I’m liking our new “math literacy” course. It’s still a challenge, though, when the student is presented with a problem and I want to shine a flashlight on the path to figuring out how to do it, not plop them in a motorized cognitive wheelchair and zip them to their “got the assignment done” destination.

They are to devise a spreadsheet to calculate teh amount in an account for which they start with 2000 dollars and add 175 per month, with the number of months in one column and the value of the account in the second.

Welp, since I hadn’t read ahead (which I couldn’t do for a while because I didn’t have the text), *I* got briefly stalled wondering whether or not they put in 175 on that first month, and thus whether there shoudl be a “zero” month, but let the students decide and it worked out.

Figuring out the formula was interesting… but what was effective for many was to ask how much money would be in the account in three months and/or five months…. most of them could do that and then we could work back from what they did to what that looked like as an expression. Not everybody, though: $2175 x 3 was one answer… I wish I’d had time to have her calculate that and see whether or not she realized that wasn’t consistent with adding 175 per month. Still, starting with a concrete, real example was useful in making the connection between the fixed and variable cost — and the fact that it took trial and error speaks to the likelihood that in the traditional course with a whole mess of problems to practice, they’re not making that cognitive connection either.

I have evidence that students *are* using their own number sense, though it’s not fun to watch. They’re to figure out via trial and error how many beers, sodas and hot dogs a guy sent his kid to buy (yes, the problem mentions that the guy gets arrested for sending his kid to buy beer) if he sent the kid with a hundred dollars, and he gets 25.50 in change, and there were 8 beverages purchased… Beer costs 8$, soda 5$, hot dogs $3.50…

…. so the scratch paper says 8 + 8 + 8 + 5 + 5 + 5 + 5 + 5 (calculator for calculations). I encouraged using the times key…I wonder if having visuals come up when you clicked that multiplication would be valuable.

And speaking of visuals, on the ride in through the sleet and rain (on the Xtracycle, since my studded-tyre bike flatted again last night coming back from the convent), I thought about showing fractions with the denominator a nice colored rectangle broken into as many pieces as the denominator indicted… perhaps with an animation shading the number of said pieces indicated by the numerator.

*math literacy, numeracy, visual math*

Opus the Poet

February 27, 2013

I had a flash of inspiration on that one: Start with a circle, then draw radials until there are as many wedges as the denominator, split the wedges apart than morph them into squares so that the student can see that fractions are a part of a whole, then shade the number of squares for the numerator.
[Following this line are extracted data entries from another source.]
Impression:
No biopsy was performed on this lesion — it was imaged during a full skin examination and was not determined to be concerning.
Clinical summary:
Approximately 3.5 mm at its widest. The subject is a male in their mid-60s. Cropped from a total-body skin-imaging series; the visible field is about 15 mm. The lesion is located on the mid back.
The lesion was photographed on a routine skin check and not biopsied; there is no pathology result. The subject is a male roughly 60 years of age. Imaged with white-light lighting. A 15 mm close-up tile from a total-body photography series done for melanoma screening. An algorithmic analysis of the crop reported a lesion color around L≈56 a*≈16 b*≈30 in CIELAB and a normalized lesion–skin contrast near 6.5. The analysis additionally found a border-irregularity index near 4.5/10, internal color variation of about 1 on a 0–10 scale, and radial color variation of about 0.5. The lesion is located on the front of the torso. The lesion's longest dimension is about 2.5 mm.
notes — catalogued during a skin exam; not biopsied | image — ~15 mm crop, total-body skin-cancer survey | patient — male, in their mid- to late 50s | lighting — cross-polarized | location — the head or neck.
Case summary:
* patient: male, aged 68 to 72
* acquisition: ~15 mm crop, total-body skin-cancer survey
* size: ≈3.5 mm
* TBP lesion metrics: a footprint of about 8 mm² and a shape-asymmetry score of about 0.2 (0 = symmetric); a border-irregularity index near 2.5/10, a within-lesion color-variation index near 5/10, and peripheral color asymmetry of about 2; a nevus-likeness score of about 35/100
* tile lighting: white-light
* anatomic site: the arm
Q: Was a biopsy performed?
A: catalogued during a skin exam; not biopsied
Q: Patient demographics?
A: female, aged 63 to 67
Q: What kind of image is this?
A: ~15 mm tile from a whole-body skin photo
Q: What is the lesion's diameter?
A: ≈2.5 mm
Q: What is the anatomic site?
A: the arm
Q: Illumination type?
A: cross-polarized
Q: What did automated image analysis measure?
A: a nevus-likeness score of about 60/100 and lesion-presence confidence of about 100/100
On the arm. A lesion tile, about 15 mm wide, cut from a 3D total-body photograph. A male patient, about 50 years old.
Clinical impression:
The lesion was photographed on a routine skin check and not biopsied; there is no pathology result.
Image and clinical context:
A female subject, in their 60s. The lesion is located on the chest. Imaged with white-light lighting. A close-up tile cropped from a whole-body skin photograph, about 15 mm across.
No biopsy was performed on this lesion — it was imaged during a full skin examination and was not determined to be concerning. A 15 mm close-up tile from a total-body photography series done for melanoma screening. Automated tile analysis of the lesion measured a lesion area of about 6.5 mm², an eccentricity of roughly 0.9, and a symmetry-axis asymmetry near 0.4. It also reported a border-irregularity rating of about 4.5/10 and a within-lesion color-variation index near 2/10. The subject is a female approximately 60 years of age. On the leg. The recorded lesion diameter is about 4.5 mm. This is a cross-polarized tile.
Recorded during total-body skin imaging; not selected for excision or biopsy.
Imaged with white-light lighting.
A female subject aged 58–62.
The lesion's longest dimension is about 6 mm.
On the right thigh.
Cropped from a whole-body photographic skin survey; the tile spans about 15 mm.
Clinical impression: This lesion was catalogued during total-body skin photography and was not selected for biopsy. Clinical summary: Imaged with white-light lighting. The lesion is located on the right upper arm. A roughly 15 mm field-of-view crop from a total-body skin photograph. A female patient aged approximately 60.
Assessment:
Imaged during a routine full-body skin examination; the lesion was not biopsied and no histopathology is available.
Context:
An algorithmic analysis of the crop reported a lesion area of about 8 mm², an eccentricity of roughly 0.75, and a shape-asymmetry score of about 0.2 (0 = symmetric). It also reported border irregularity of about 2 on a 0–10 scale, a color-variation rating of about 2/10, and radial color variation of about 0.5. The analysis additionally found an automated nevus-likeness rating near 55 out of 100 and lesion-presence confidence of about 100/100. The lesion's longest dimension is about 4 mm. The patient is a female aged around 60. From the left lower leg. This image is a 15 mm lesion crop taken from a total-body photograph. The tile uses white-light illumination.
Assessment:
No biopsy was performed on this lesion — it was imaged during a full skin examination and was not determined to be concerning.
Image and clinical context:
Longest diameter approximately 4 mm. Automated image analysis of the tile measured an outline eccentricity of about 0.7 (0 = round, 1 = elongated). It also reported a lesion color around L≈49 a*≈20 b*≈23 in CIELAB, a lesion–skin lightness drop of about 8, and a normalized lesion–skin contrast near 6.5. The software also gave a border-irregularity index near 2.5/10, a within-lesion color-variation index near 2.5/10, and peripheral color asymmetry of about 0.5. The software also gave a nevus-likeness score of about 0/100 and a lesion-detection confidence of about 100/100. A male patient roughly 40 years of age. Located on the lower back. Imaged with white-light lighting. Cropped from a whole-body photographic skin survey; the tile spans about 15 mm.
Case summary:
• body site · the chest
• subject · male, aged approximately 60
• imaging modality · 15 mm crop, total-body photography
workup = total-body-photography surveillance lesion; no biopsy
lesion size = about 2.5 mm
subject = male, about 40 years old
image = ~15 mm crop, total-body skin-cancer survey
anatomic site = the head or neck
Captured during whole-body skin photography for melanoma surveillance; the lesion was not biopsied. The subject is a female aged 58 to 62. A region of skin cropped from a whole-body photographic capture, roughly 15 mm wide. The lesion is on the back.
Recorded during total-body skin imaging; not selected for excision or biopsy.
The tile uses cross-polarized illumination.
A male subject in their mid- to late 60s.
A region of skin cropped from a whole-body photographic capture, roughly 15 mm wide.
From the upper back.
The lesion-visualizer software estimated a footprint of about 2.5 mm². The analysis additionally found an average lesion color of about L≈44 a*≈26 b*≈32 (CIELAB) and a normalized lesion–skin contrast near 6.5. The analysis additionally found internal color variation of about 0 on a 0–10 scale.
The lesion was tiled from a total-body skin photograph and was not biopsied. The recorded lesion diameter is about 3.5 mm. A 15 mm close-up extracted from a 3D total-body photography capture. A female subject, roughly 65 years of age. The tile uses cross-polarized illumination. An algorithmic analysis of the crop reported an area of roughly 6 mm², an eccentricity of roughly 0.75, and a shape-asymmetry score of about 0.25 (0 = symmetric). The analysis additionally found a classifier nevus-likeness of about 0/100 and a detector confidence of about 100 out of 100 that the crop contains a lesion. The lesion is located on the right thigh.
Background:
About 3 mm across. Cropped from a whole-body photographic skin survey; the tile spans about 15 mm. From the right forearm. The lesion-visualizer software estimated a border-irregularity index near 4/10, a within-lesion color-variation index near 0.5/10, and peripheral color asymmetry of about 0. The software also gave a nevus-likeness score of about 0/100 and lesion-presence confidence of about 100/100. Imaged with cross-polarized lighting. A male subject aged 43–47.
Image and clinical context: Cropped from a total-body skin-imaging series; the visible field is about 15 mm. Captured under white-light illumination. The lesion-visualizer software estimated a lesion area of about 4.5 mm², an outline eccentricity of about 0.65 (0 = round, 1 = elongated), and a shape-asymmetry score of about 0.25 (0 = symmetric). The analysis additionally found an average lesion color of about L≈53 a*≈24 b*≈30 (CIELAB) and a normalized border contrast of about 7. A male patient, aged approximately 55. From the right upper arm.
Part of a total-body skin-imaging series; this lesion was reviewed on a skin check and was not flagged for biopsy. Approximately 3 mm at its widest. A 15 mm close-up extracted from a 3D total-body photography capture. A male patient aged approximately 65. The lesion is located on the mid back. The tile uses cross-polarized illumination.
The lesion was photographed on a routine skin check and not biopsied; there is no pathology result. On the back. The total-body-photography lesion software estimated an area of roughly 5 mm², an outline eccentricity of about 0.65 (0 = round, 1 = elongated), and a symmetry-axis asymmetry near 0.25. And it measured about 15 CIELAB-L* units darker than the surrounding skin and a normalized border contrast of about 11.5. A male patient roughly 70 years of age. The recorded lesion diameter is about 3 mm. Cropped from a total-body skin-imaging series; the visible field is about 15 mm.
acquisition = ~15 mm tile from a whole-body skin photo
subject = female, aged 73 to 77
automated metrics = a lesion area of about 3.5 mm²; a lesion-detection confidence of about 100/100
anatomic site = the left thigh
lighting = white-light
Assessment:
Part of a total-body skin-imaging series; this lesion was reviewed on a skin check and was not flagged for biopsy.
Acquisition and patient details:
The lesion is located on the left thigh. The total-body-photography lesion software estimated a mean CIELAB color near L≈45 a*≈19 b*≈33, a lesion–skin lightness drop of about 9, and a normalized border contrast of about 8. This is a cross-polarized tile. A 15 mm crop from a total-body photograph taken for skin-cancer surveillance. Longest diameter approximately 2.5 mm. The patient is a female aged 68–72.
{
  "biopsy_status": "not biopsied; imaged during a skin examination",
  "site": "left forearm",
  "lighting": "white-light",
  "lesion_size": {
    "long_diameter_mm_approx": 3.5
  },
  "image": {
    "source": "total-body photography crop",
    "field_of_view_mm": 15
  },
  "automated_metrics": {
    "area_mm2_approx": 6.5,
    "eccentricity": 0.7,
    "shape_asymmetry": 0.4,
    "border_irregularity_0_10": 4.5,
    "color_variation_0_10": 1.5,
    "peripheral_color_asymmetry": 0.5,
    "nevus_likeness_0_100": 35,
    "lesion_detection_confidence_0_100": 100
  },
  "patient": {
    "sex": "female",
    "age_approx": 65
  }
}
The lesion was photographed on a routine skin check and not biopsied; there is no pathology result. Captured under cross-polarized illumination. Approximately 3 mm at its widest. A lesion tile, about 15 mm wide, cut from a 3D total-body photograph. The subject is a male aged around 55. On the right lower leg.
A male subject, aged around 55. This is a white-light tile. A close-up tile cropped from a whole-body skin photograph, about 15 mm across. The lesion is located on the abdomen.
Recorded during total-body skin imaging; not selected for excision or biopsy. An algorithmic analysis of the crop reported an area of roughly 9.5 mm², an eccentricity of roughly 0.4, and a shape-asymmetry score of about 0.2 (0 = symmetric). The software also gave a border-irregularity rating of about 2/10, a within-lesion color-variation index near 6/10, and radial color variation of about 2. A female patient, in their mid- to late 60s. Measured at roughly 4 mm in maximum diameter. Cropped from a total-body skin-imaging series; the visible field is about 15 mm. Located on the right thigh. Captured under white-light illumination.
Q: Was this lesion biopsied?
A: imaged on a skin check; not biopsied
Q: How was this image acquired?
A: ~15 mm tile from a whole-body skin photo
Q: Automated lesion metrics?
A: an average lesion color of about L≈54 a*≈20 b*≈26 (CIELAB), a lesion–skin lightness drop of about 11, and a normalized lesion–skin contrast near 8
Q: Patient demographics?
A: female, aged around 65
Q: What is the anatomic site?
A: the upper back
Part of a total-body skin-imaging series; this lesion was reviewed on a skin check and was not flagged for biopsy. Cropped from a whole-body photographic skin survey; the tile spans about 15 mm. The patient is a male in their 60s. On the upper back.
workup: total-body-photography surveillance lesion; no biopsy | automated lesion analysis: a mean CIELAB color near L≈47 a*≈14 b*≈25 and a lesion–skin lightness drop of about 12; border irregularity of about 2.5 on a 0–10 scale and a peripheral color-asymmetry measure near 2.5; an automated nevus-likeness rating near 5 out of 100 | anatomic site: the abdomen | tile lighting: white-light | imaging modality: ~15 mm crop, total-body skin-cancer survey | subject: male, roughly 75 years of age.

And from the problem given above we can deduce that there were an odd number of hot dogs purchased, because hot dogs were the only item listed with $0.50 in the price and there being $0.50 in the change. That’s actually a difficult problem to answer because you have so many variables that trial and error won’t work without excessive recursion. the equation is simple enough 8x + 5y + 3.5z = 74.5 but that is about as far as you can simplify it because of a lack of common factors. You could multiply both sides of the equation by 2 to get rid of the fraction/decimal, but you still end up with a prime that isn’t a common factor to at least one other term. Not to mention that 149 (the result of 74.5*2) doesn’t have a whole lotta factors either.

Competent math teacher

March 4, 2013

You didn’t specify the grade level, but I hope it’s not later than fourth grade; otherwise, this would be a really dumbed down lesson (which needs work anyway).

xiousgeonz

March 4, 2013

Why do you think it is “dumbed down ” (brought ‘down’ from where?) ? How would you improve it? (No, it’s not my lesson and no, I’m not wedded to it… just curious about others’ perceptions.)

xiousgeonz

March 5, 2013

Could you elaborate?

One of the most serious issues my students have with math is that their instructors really, honestly have no idea how they think about math… and so they tend to assume reasoning that isn’t happening.